## [What the task requires]
Word for word, reproduce the data that follows.

## [Recorded information]
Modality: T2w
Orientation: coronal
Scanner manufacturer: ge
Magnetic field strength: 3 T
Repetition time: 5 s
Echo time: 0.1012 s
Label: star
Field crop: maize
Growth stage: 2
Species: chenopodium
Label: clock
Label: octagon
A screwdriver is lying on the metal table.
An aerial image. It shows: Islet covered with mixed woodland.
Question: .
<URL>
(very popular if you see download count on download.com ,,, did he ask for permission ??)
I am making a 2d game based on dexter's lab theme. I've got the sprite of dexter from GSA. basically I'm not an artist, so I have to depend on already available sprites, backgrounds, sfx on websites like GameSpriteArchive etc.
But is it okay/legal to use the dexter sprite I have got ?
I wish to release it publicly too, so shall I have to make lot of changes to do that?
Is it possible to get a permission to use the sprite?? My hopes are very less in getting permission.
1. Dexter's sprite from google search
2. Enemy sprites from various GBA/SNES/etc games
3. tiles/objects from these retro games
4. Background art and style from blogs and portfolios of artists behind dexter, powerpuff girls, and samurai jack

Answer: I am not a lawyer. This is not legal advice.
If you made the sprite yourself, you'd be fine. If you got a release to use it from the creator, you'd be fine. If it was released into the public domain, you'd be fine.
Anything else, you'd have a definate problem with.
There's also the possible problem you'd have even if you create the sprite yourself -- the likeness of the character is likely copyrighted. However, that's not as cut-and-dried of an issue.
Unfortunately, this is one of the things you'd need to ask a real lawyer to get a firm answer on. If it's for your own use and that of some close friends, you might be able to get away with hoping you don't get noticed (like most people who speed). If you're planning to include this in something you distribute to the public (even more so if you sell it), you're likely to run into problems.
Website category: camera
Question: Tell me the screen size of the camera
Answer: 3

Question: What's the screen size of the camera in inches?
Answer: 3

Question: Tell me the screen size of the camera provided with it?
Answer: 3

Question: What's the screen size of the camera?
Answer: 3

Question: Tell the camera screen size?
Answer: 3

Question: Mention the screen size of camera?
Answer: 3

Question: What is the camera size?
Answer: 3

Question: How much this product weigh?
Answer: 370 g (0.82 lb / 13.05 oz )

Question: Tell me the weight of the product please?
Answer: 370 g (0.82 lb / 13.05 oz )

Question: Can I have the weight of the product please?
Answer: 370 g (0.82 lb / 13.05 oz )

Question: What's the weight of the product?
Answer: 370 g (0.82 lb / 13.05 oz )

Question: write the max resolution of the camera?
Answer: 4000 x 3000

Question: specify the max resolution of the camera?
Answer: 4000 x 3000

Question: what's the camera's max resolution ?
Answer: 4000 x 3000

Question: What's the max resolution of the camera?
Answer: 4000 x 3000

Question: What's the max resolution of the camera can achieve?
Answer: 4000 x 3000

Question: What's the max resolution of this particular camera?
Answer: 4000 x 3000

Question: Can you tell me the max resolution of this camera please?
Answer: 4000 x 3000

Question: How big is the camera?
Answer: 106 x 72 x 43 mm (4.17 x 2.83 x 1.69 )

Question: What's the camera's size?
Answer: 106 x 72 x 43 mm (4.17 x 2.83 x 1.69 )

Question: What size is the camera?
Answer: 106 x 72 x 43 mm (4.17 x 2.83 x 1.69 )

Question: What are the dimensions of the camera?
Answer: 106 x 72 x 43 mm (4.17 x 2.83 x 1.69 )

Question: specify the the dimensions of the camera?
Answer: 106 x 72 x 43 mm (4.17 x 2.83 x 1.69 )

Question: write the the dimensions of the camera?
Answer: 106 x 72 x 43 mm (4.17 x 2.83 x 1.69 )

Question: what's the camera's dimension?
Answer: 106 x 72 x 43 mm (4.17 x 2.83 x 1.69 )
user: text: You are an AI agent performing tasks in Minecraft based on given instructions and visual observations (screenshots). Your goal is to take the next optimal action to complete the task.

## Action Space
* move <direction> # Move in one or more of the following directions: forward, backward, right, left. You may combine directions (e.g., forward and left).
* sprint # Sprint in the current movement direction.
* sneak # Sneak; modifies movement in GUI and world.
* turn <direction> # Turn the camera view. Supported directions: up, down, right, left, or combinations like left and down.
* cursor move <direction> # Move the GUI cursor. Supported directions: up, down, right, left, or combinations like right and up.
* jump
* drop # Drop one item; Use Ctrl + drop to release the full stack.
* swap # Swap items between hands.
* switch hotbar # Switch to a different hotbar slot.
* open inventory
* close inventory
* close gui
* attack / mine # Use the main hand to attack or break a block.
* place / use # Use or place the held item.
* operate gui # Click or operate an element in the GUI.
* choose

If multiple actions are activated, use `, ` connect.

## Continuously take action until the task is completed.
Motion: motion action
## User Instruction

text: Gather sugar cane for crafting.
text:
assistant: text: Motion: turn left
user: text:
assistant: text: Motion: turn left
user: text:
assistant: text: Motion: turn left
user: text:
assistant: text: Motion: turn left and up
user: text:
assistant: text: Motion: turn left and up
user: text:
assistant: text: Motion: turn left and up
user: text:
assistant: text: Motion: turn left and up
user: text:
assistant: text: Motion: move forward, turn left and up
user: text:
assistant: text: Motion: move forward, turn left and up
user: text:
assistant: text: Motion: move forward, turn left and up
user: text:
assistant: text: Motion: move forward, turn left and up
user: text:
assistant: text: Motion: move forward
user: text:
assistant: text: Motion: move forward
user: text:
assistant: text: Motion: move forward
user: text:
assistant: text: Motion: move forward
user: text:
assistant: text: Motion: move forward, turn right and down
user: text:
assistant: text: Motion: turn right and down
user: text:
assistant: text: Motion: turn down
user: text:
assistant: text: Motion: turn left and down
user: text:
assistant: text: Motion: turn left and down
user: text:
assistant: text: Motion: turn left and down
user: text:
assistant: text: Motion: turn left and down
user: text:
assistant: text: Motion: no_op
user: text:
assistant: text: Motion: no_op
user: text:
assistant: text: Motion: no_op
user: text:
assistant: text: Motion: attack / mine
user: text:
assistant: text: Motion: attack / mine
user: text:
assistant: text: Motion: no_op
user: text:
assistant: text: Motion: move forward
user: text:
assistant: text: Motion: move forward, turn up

## [Output below]
Modality: T2w
Orientation: coronal
Scanner manufacturer: ge
Magnetic field strength: 3 T
Repetition time: 5 s
Echo time: 0.1012 s
Label: star
Field crop: maize
Growth stage: 2
Species: chenopodium
Label: clock
Label: octagon
A screwdriver is lying on the metal table.
An aerial image. It shows: Islet covered with mixed woodland.
Question: .
<URL>
(very popular if you see download count on download.com ,,, did he ask for permission ??)
I am making a 2d game based on dexter's lab theme. I've got the sprite of dexter from GSA. basically I'm not an artist, so I have to depend on already available sprites, backgrounds, sfx on websites like GameSpriteArchive etc.
But is it okay/legal to use the dexter sprite I have got ?
I wish to release it publicly too, so shall I have to make lot of changes to do that?
Is it possible to get a permission to use the sprite?? My hopes are very less in getting permission.
1. Dexter's sprite from google search
2. Enemy sprites from various GBA/SNES/etc games
3. tiles/objects from these retro games
4. Background art and style from blogs and portfolios of artists behind dexter, powerpuff girls, and samurai jack

Answer: I am not a lawyer. This is not legal advice.
If you made the sprite yourself, you'd be fine. If you got a release to use it from the creator, you'd be fine. If it was released into the public domain, you'd be fine.
Anything else, you'd have a definate problem with.
There's also the possible problem you'd have even if you create the sprite yourself -- the likeness of the character is likely copyrighted. However, that's not as cut-and-dried of an issue.
Unfortunately, this is one of the things you'd need to ask a real lawyer to get a firm answer on. If it's for your own use and that of some close friends, you might be able to get away with hoping you don't get noticed (like most people who speed). If you're planning to include this in something you distribute to the public (even more so if you sell it), you're likely to run into problems.
Website category: camera
Question: Tell me the screen size of the camera
Answer: 3

Question: What's the screen size of the camera in inches?
Answer: 3

Question: Tell me the screen size of the camera provided with it?
Answer: 3

Question: What's the screen size of the camera?
Answer: 3

Question: Tell the camera screen size?
Answer: 3

Question: Mention the screen size of camera?
Answer: 3

Question: What is the camera size?
Answer: 3

Question: How much this product weigh?
Answer: 370 g (0.82 lb / 13.05 oz )

Question: Tell me the weight of the product please?
Answer: 370 g (0.82 lb / 13.05 oz )

Question: Can I have the weight of the product please?
Answer: 370 g (0.82 lb / 13.05 oz )

Question: What's the weight of the product?
Answer: 370 g (0.82 lb / 13.05 oz )

Question: write the max resolution of the camera?
Answer: 4000 x 3000

Question: specify the max resolution of the camera?
Answer: 4000 x 3000

Question: what's the camera's max resolution ?
Answer: 4000 x 3000

Question: What's the max resolution of the camera?
Answer: 4000 x 3000

Question: What's the max resolution of the camera can achieve?
Answer: 4000 x 3000

Question: What's the max resolution of this particular camera?
Answer: 4000 x 3000

Question: Can you tell me the max resolution of this camera please?
Answer: 4000 x 3000

Question: How big is the camera?
Answer: 106 x 72 x 43 mm (4.17 x 2.83 x 1.69 )

Question: What's the camera's size?
Answer: 106 x 72 x 43 mm (4.17 x 2.83 x 1.69 )

Question: What size is the camera?
Answer: 106 x 72 x 43 mm (4.17 x 2.83 x 1.69 )

Question: What are the dimensions of the camera?
Answer: 106 x 72 x 43 mm (4.17 x 2.83 x 1.69 )

Question: specify the the dimensions of the camera?
Answer: 106 x 72 x 43 mm (4.17 x 2.83 x 1.69 )

Question: write the the dimensions of the camera?
Answer: 106 x 72 x 43 mm (4.17 x 2.83 x 1.69 )

Question: what's the camera's dimension?
Answer: 106 x 72 x 43 mm (4.17 x 2.83 x 1.69 )
user: text: You are an AI agent performing tasks in Minecraft based on given instructions and visual observations (screenshots). Your goal is to take the next optimal action to complete the task.

## Action Space
* move <direction> # Move in one or more of the following directions: forward, backward, right, left. You may combine directions (e.g., forward and left).
* sprint # Sprint in the current movement direction.
* sneak # Sneak; modifies movement in GUI and world.
* turn <direction> # Turn the camera view. Supported directions: up, down, right, left, or combinations like left and down.
* cursor move <direction> # Move the GUI cursor. Supported directions: up, down, right, left, or combinations like right and up.
* jump
* drop # Drop one item; Use Ctrl + drop to release the full stack.
* swap # Swap items between hands.
* switch hotbar # Switch to a different hotbar slot.
* open inventory
* close inventory
* close gui
* attack / mine # Use the main hand to attack or break a block.
* place / use # Use or place the held item.
* operate gui # Click or operate an element in the GUI.
* choose

If multiple actions are activated, use `, ` connect.

## Continuously take action until the task is completed.
Motion: motion action
## User Instruction

text: Gather sugar cane for crafting.
text:
assistant: text: Motion: turn left
user: text:
assistant: text: Motion: turn left
user: text:
assistant: text: Motion: turn left
user: text:
assistant: text: Motion: turn left and up
user: text:
assistant: text: Motion: turn left and up
user: text:
assistant: text: Motion: turn left and up
user: text:
assistant: text: Motion: turn left and up
user: text:
assistant: text: Motion: move forward, turn left and up
user: text:
assistant: text: Motion: move forward, turn left and up
user: text:
assistant: text: Motion: move forward, turn left and up
user: text:
assistant: text: Motion: move forward, turn left and up
user: text:
assistant: text: Motion: move forward
user: text:
assistant: text: Motion: move forward
user: text:
assistant: text: Motion: move forward
user: text:
assistant: text: Motion: move forward
user: text:
assistant: text: Motion: move forward, turn right and down
user: text:
assistant: text: Motion: turn right and down
user: text:
assistant: text: Motion: turn down
user: text:
assistant: text: Motion: turn left and down
user: text:
assistant: text: Motion: turn left and down
user: text:
assistant: text: Motion: turn left and down
user: text:
assistant: text: Motion: turn left and down
user: text:
assistant: text: Motion: no_op
user: text:
assistant: text: Motion: no_op
user: text:
assistant: text: Motion: no_op
user: text:
assistant: text: Motion: attack / mine
user: text:
assistant: text: Motion: attack / mine
user: text:
assistant: text: Motion: no_op
user: text:
assistant: text: Motion: move forward
user: text:
assistant: text: Motion: move forward, turn up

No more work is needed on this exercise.